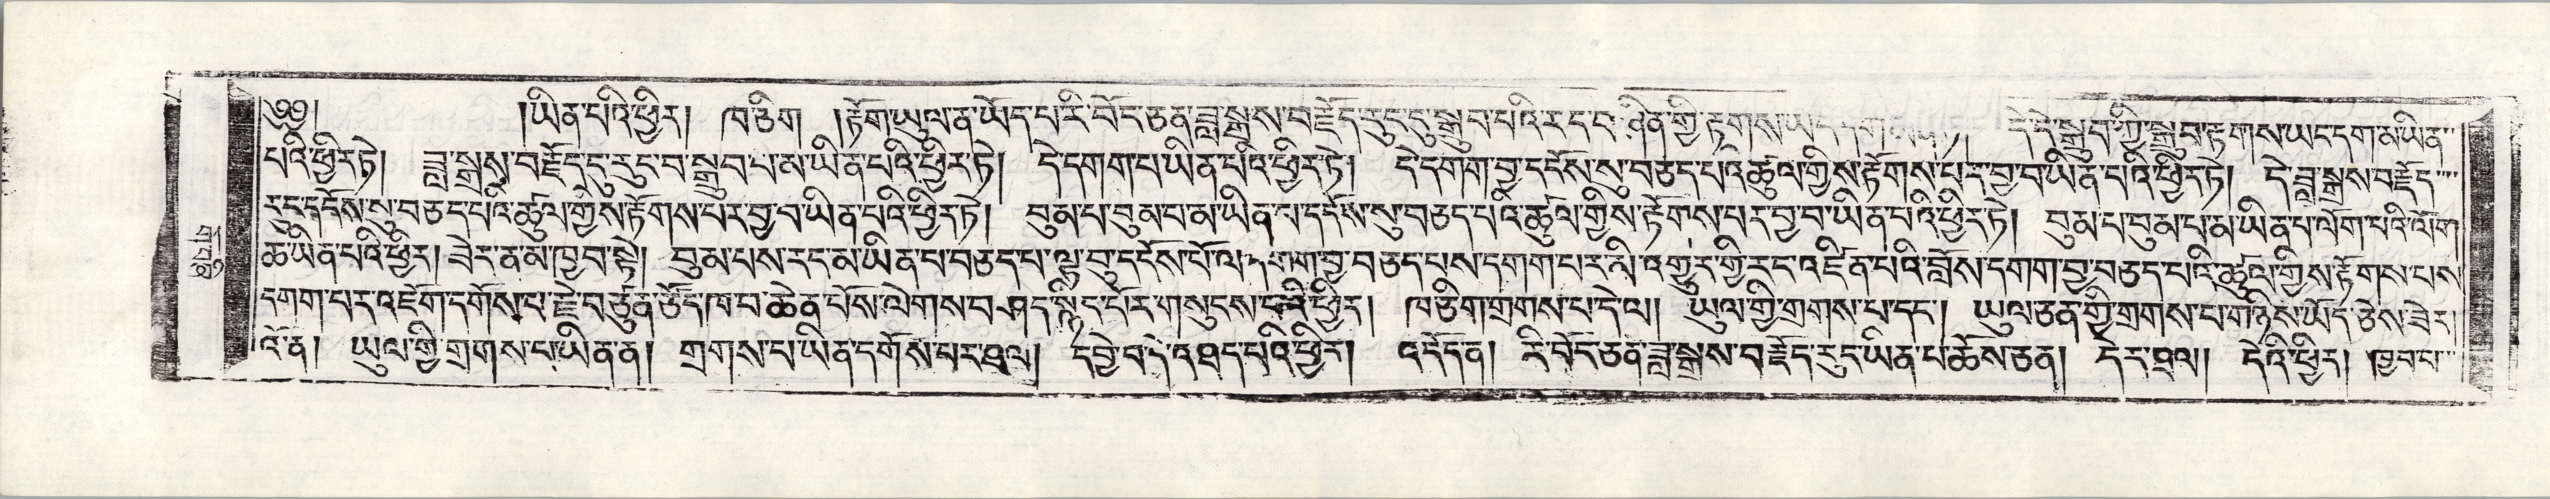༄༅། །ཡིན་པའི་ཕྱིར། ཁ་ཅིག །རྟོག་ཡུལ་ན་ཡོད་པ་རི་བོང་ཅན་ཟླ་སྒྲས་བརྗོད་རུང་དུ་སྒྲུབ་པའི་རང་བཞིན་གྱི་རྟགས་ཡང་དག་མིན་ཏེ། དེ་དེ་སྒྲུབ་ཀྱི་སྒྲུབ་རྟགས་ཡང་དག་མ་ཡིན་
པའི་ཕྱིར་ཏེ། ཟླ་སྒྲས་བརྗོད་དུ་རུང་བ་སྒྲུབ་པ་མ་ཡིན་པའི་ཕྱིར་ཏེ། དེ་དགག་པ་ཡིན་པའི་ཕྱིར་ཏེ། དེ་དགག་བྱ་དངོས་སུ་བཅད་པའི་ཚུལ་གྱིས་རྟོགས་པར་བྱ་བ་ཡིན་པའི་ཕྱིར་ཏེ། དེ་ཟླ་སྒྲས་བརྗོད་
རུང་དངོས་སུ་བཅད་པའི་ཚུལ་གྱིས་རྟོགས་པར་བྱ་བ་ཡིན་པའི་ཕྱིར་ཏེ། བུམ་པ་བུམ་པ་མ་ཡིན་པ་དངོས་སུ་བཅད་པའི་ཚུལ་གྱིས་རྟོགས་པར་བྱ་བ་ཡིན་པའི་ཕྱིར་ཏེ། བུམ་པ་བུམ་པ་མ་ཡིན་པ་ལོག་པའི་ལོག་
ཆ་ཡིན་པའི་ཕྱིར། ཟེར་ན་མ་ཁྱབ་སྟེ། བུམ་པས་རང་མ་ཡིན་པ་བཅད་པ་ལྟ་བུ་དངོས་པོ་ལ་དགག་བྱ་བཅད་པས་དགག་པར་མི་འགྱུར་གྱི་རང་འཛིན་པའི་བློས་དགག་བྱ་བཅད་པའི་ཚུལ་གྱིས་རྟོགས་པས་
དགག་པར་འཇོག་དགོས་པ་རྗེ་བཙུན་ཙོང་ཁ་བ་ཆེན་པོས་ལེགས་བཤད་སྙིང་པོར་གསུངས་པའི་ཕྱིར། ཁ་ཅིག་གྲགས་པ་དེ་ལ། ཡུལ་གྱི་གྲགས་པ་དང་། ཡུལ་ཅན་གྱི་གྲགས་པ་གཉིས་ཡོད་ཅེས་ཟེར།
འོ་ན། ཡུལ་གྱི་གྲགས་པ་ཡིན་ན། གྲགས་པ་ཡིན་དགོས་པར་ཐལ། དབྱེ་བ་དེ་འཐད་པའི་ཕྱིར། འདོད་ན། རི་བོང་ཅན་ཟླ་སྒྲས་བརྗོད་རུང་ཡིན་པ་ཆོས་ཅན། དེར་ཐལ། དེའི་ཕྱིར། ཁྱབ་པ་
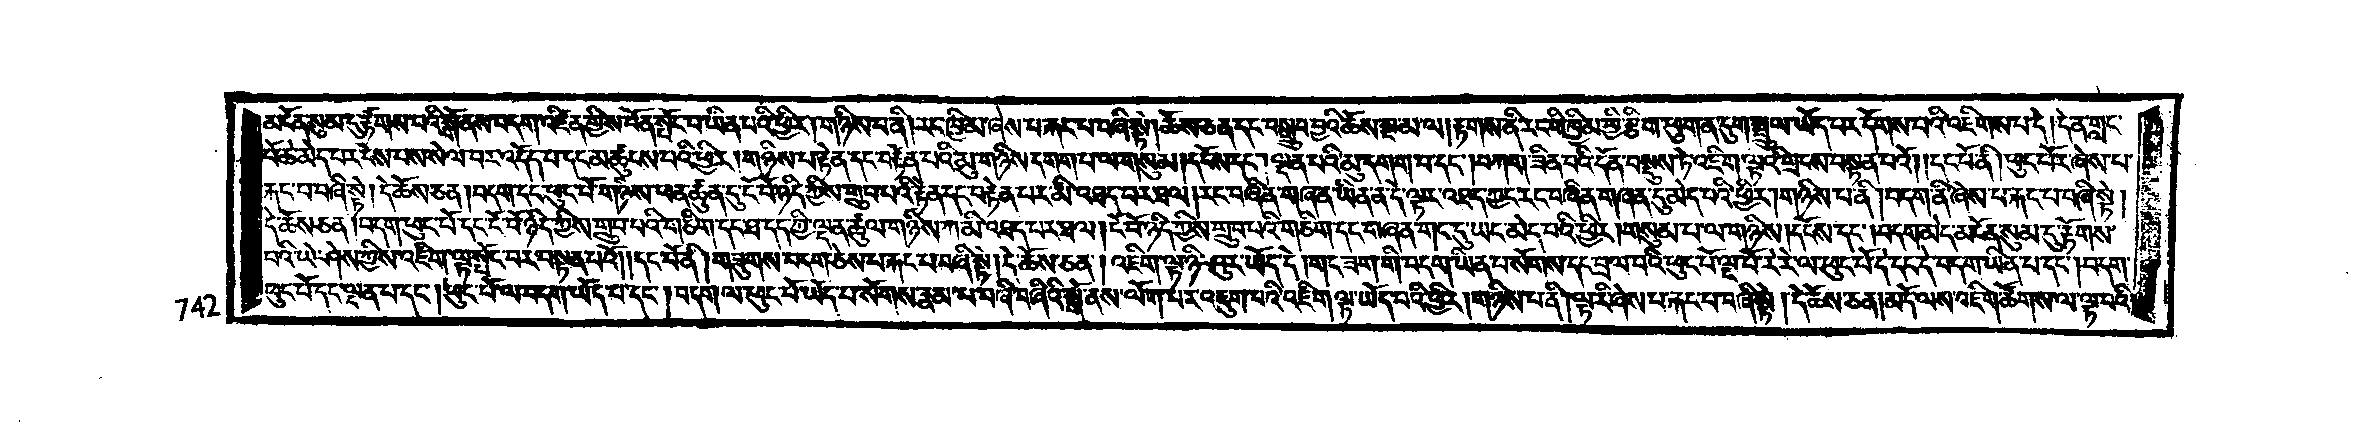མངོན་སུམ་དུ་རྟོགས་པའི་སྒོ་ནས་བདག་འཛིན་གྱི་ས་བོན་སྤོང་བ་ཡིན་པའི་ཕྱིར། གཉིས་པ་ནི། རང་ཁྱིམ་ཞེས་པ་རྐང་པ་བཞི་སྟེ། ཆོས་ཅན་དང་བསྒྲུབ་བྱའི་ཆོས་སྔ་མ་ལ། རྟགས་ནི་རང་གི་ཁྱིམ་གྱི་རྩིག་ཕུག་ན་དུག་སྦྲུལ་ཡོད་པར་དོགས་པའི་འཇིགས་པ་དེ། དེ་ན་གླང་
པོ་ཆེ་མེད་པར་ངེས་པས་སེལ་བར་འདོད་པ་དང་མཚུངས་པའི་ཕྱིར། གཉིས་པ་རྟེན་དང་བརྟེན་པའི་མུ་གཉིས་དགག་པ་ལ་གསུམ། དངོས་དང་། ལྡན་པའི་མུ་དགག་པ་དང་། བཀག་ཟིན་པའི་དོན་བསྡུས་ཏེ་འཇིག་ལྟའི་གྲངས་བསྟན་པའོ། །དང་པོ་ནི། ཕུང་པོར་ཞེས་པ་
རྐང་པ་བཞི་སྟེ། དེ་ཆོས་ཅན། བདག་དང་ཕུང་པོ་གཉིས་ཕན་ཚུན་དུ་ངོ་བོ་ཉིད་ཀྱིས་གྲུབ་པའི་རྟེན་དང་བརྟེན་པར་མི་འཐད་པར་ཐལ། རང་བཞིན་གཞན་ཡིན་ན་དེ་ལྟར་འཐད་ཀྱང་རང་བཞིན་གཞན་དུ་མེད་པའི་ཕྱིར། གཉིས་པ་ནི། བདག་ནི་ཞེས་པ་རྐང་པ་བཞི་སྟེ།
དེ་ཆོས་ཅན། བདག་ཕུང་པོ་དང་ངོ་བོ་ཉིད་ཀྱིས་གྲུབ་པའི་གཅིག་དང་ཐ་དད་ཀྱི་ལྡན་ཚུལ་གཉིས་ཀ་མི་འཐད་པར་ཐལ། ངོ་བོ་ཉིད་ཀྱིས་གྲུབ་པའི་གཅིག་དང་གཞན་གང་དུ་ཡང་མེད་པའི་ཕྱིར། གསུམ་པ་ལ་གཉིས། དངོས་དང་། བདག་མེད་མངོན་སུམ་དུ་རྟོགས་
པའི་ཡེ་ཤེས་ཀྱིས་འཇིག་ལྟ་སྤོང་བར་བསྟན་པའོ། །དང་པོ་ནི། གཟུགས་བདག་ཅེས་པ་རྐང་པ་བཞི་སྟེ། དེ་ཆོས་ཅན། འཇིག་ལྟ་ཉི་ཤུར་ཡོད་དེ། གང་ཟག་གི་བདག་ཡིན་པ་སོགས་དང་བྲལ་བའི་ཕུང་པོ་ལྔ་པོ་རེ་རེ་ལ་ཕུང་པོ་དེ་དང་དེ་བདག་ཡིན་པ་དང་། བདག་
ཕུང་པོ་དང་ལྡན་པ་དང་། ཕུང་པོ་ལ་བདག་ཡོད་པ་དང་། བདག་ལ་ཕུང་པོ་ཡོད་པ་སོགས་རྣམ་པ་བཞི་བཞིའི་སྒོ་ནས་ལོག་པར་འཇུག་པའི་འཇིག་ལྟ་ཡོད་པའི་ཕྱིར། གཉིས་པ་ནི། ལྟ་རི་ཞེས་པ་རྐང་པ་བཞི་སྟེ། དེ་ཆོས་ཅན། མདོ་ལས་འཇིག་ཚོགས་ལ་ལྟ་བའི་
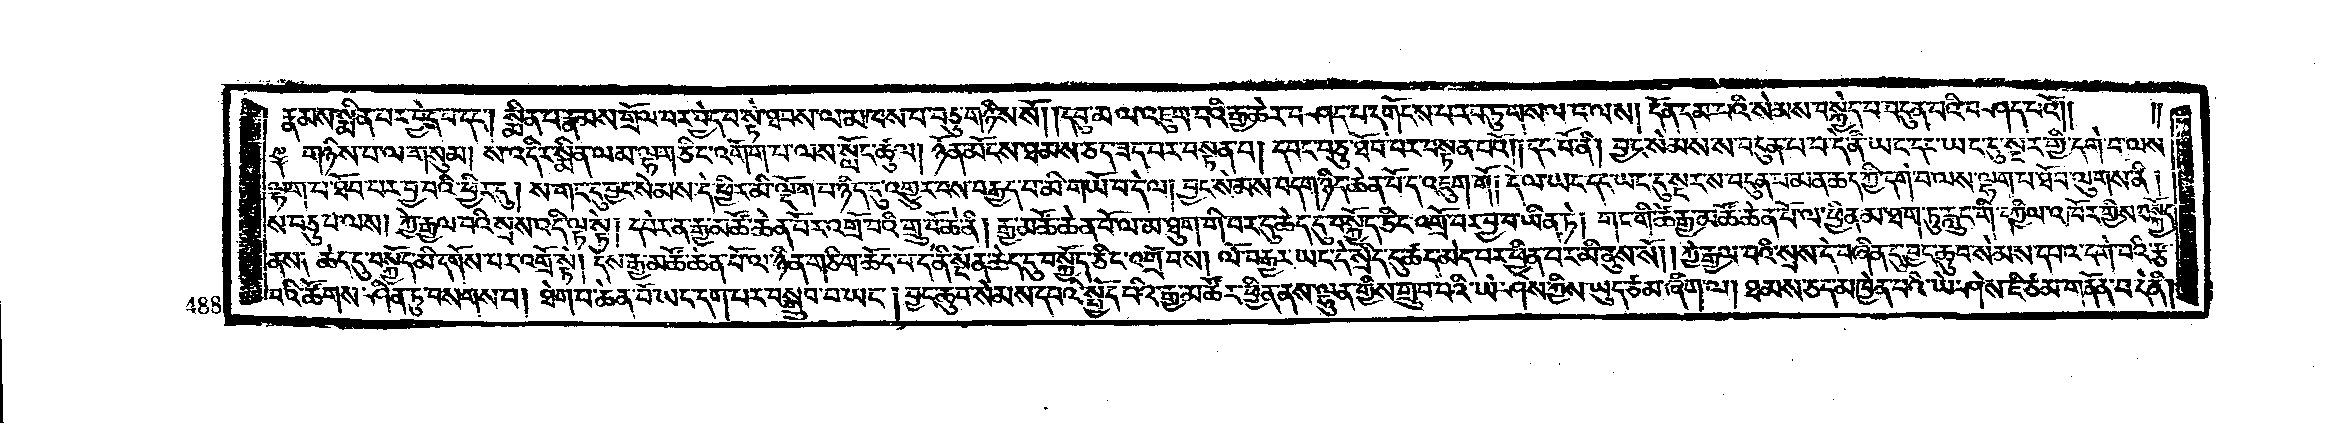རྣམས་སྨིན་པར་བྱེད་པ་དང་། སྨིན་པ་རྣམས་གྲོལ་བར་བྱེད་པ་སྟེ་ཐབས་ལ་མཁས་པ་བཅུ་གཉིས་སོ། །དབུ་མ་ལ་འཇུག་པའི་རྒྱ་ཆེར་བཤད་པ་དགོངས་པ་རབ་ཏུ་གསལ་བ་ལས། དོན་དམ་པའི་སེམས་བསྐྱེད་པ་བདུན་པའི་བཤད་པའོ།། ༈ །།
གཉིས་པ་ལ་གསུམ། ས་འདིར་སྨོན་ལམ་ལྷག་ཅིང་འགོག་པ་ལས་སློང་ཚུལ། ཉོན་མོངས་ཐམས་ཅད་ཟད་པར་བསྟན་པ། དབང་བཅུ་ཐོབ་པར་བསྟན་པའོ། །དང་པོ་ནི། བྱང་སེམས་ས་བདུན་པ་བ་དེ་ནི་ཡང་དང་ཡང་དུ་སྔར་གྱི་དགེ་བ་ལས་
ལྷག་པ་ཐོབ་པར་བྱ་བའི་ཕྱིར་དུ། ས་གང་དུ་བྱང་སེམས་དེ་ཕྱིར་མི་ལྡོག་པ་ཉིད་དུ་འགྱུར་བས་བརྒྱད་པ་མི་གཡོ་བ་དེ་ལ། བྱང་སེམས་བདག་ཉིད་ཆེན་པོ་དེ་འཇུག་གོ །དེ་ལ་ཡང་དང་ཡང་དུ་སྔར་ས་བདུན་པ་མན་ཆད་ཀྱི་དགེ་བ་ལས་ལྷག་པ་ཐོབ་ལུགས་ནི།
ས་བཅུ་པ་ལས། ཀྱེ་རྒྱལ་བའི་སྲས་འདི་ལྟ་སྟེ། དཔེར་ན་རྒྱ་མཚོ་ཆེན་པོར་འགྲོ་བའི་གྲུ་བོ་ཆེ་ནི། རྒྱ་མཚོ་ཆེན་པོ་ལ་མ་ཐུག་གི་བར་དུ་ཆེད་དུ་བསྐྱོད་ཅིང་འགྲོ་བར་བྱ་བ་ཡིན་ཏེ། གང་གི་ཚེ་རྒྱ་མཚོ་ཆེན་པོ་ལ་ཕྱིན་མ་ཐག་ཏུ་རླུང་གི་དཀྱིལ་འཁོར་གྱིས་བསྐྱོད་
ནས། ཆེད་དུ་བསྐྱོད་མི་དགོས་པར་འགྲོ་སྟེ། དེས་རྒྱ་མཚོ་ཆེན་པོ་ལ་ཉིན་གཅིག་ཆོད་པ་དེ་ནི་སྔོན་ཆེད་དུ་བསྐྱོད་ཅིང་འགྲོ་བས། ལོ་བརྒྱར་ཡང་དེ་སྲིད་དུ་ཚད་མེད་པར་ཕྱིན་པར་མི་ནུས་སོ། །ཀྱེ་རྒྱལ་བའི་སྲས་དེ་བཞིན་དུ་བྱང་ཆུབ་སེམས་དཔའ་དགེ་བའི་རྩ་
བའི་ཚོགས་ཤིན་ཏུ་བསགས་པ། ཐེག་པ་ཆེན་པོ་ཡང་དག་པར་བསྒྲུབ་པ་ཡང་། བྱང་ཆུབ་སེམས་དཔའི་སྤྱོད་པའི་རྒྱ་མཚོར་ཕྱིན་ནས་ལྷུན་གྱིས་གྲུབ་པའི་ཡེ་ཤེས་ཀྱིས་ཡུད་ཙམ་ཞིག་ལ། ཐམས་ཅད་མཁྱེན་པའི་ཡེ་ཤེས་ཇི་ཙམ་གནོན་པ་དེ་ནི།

| What is expected |
Reproduce, word for word, every line from the start of the records down to and including the line with "ལྟ་རི་ཞེས་པ་རྐང་པ་བཞི་སྟེ། དེ་ཆོས་ཅན། མདོ་ལས་འཇིག་ཚོགས་ལ་ལྟ་བའི་"; skip the pictures.

| Written solution |
༄༅། །ཡིན་པའི་ཕྱིར། ཁ་ཅིག །རྟོག་ཡུལ་ན་ཡོད་པ་རི་བོང་ཅན་ཟླ་སྒྲས་བརྗོད་རུང་དུ་སྒྲུབ་པའི་རང་བཞིན་གྱི་རྟགས་ཡང་དག་མིན་ཏེ། དེ་དེ་སྒྲུབ་ཀྱི་སྒྲུབ་རྟགས་ཡང་དག་མ་ཡིན་
པའི་ཕྱིར་ཏེ། ཟླ་སྒྲས་བརྗོད་དུ་རུང་བ་སྒྲུབ་པ་མ་ཡིན་པའི་ཕྱིར་ཏེ། དེ་དགག་པ་ཡིན་པའི་ཕྱིར་ཏེ། དེ་དགག་བྱ་དངོས་སུ་བཅད་པའི་ཚུལ་གྱིས་རྟོགས་པར་བྱ་བ་ཡིན་པའི་ཕྱིར་ཏེ། དེ་ཟླ་སྒྲས་བརྗོད་
རུང་དངོས་སུ་བཅད་པའི་ཚུལ་གྱིས་རྟོགས་པར་བྱ་བ་ཡིན་པའི་ཕྱིར་ཏེ། བུམ་པ་བུམ་པ་མ་ཡིན་པ་དངོས་སུ་བཅད་པའི་ཚུལ་གྱིས་རྟོགས་པར་བྱ་བ་ཡིན་པའི་ཕྱིར་ཏེ། བུམ་པ་བུམ་པ་མ་ཡིན་པ་ལོག་པའི་ལོག་
ཆ་ཡིན་པའི་ཕྱིར། ཟེར་ན་མ་ཁྱབ་སྟེ། བུམ་པས་རང་མ་ཡིན་པ་བཅད་པ་ལྟ་བུ་དངོས་པོ་ལ་དགག་བྱ་བཅད་པས་དགག་པར་མི་འགྱུར་གྱི་རང་འཛིན་པའི་བློས་དགག་བྱ་བཅད་པའི་ཚུལ་གྱིས་རྟོགས་པས་
དགག་པར་འཇོག་དགོས་པ་རྗེ་བཙུན་ཙོང་ཁ་བ་ཆེན་པོས་ལེགས་བཤད་སྙིང་པོར་གསུངས་པའི་ཕྱིར། ཁ་ཅིག་གྲགས་པ་དེ་ལ། ཡུལ་གྱི་གྲགས་པ་དང་། ཡུལ་ཅན་གྱི་གྲགས་པ་གཉིས་ཡོད་ཅེས་ཟེར།
འོ་ན། ཡུལ་གྱི་གྲགས་པ་ཡིན་ན། གྲགས་པ་ཡིན་དགོས་པར་ཐལ། དབྱེ་བ་དེ་འཐད་པའི་ཕྱིར། འདོད་ན། རི་བོང་ཅན་ཟླ་སྒྲས་བརྗོད་རུང་ཡིན་པ་ཆོས་ཅན། དེར་ཐལ། དེའི་ཕྱིར། ཁྱབ་པ་
མངོན་སུམ་དུ་རྟོགས་པའི་སྒོ་ནས་བདག་འཛིན་གྱི་ས་བོན་སྤོང་བ་ཡིན་པའི་ཕྱིར། གཉིས་པ་ནི། རང་ཁྱིམ་ཞེས་པ་རྐང་པ་བཞི་སྟེ། ཆོས་ཅན་དང་བསྒྲུབ་བྱའི་ཆོས་སྔ་མ་ལ། རྟགས་ནི་རང་གི་ཁྱིམ་གྱི་རྩིག་ཕུག་ན་དུག་སྦྲུལ་ཡོད་པར་དོགས་པའི་འཇིགས་པ་དེ། དེ་ན་གླང་
པོ་ཆེ་མེད་པར་ངེས་པས་སེལ་བར་འདོད་པ་དང་མཚུངས་པའི་ཕྱིར། གཉིས་པ་རྟེན་དང་བརྟེན་པའི་མུ་གཉིས་དགག་པ་ལ་གསུམ། དངོས་དང་། ལྡན་པའི་མུ་དགག་པ་དང་། བཀག་ཟིན་པའི་དོན་བསྡུས་ཏེ་འཇིག་ལྟའི་གྲངས་བསྟན་པའོ། །དང་པོ་ནི། ཕུང་པོར་ཞེས་པ་
རྐང་པ་བཞི་སྟེ། དེ་ཆོས་ཅན། བདག་དང་ཕུང་པོ་གཉིས་ཕན་ཚུན་དུ་ངོ་བོ་ཉིད་ཀྱིས་གྲུབ་པའི་རྟེན་དང་བརྟེན་པར་མི་འཐད་པར་ཐལ། རང་བཞིན་གཞན་ཡིན་ན་དེ་ལྟར་འཐད་ཀྱང་རང་བཞིན་གཞན་དུ་མེད་པའི་ཕྱིར། གཉིས་པ་ནི། བདག་ནི་ཞེས་པ་རྐང་པ་བཞི་སྟེ།
དེ་ཆོས་ཅན། བདག་ཕུང་པོ་དང་ངོ་བོ་ཉིད་ཀྱིས་གྲུབ་པའི་གཅིག་དང་ཐ་དད་ཀྱི་ལྡན་ཚུལ་གཉིས་ཀ་མི་འཐད་པར་ཐལ། ངོ་བོ་ཉིད་ཀྱིས་གྲུབ་པའི་གཅིག་དང་གཞན་གང་དུ་ཡང་མེད་པའི་ཕྱིར། གསུམ་པ་ལ་གཉིས། དངོས་དང་། བདག་མེད་མངོན་སུམ་དུ་རྟོགས་
པའི་ཡེ་ཤེས་ཀྱིས་འཇིག་ལྟ་སྤོང་བར་བསྟན་པའོ། །དང་པོ་ནི། གཟུགས་བདག་ཅེས་པ་རྐང་པ་བཞི་སྟེ། དེ་ཆོས་ཅན། འཇིག་ལྟ་ཉི་ཤུར་ཡོད་དེ། གང་ཟག་གི་བདག་ཡིན་པ་སོགས་དང་བྲལ་བའི་ཕུང་པོ་ལྔ་པོ་རེ་རེ་ལ་ཕུང་པོ་དེ་དང་དེ་བདག་ཡིན་པ་དང་། བདག་
ཕུང་པོ་དང་ལྡན་པ་དང་། ཕུང་པོ་ལ་བདག་ཡོད་པ་དང་། བདག་ལ་ཕུང་པོ་ཡོད་པ་སོགས་རྣམ་པ་བཞི་བཞིའི་སྒོ་ནས་ལོག་པར་འཇུག་པའི་འཇིག་ལྟ་ཡོད་པའི་ཕྱིར། གཉིས་པ་ནི། ལྟ་རི་ཞེས་པ་རྐང་པ་བཞི་སྟེ། དེ་ཆོས་ཅན། མདོ་ལས་འཇིག་ཚོགས་ལ་ལྟ་བའི་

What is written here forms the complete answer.